TASK DESCRIPTION - Please give the records below again in full, exactly, with the images left out.

[Saved entries]
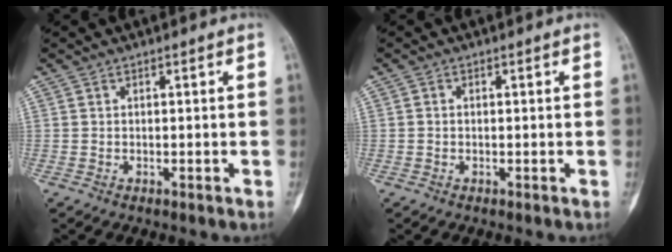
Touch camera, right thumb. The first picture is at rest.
{"total": 0.6, "force": [-0.2, 0.5, 0.2], "torque": [0.005, 0.003, -0.007]}
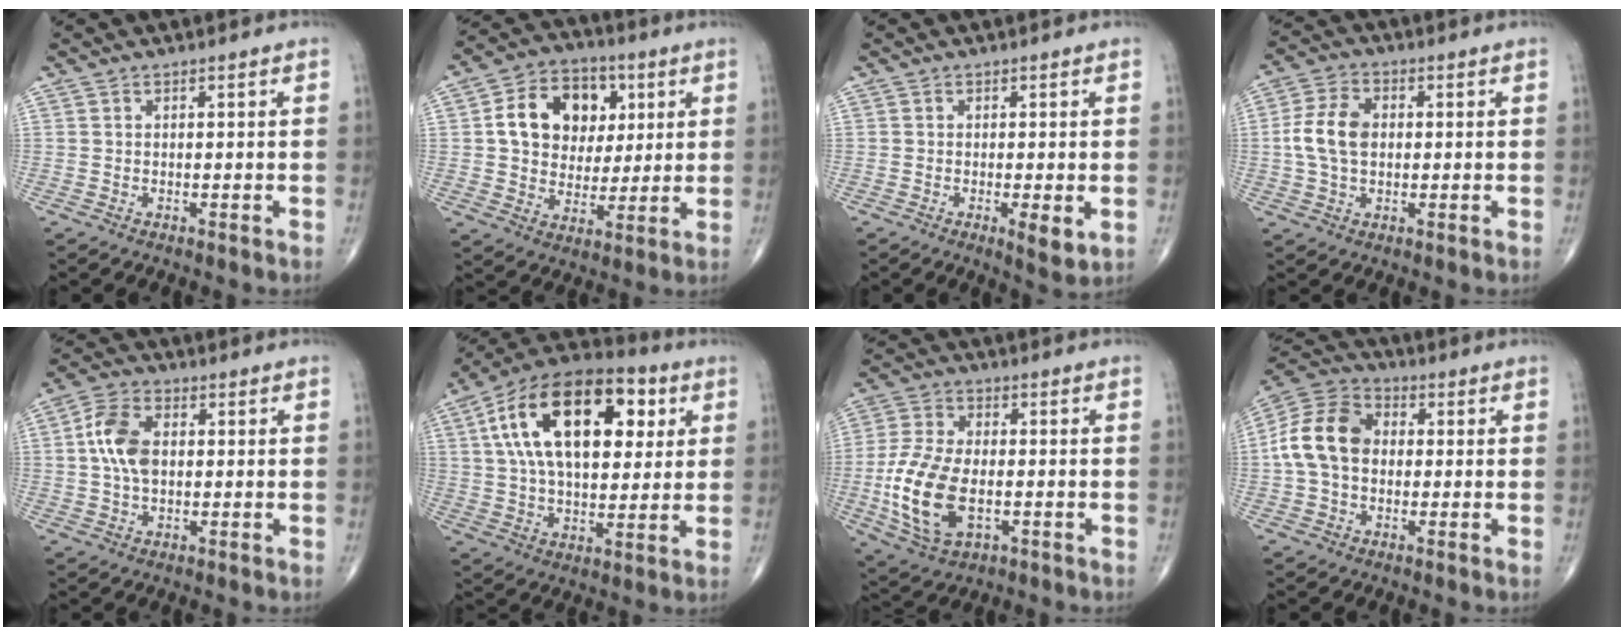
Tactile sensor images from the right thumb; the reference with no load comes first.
{"total": 15.1, "force": [3.8, 11.7, 8.8], "torque": [-0.107, 0.002, 0.061]}
{"total": 4.2, "force": [-0.9, 1.2, 3.9], "torque": [-0.065, -0.014, -0.017]}
{"total": 8.3, "force": [0.3, 5.6, 6.2], "torque": [-0.120, 0.015, 0.002]}
{"total": 8.4, "force": [0.8, 5.2, 6.6], "torque": [-0.125, 0.014, 0.011]}
{"total": 25.0, "force": [7.3, 13.5, 19.8], "torque": [-0.320, 0.013, 0.114]}
{"total": 15.1, "force": [-3.0, 8.3, 12.3], "torque": [-0.258, 0.003, -0.050]}
{"total": 12.5, "force": [0.1, 9.2, 8.5], "torque": [-0.156, 0.035, -0.008]}
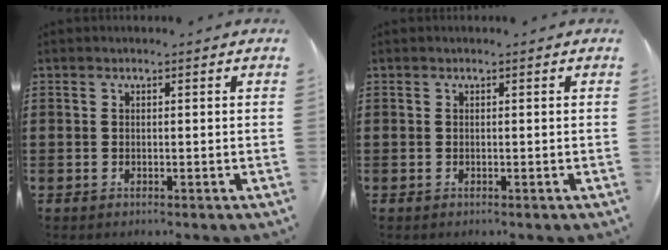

TASK SOLUTION -
Touch camera, right thumb. The first picture is at rest.
{"total": 0.6, "force": [-0.2, 0.5, 0.2], "torque": [0.005, 0.003, -0.007]}
Tactile sensor images from the right thumb; the reference with no load comes first.
{"total": 15.1, "force": [3.8, 11.7, 8.8], "torque": [-0.107, 0.002, 0.061]}
{"total": 4.2, "force": [-0.9, 1.2, 3.9], "torque": [-0.065, -0.014, -0.017]}
{"total": 8.3, "force": [0.3, 5.6, 6.2], "torque": [-0.120, 0.015, 0.002]}
{"total": 8.4, "force": [0.8, 5.2, 6.6], "torque": [-0.125, 0.014, 0.011]}
{"total": 25.0, "force": [7.3, 13.5, 19.8], "torque": [-0.320, 0.013, 0.114]}
{"total": 15.1, "force": [-3.0, 8.3, 12.3], "torque": [-0.258, 0.003, -0.050]}
{"total": 12.5, "force": [0.1, 9.2, 8.5], "torque": [-0.156, 0.035, -0.008]}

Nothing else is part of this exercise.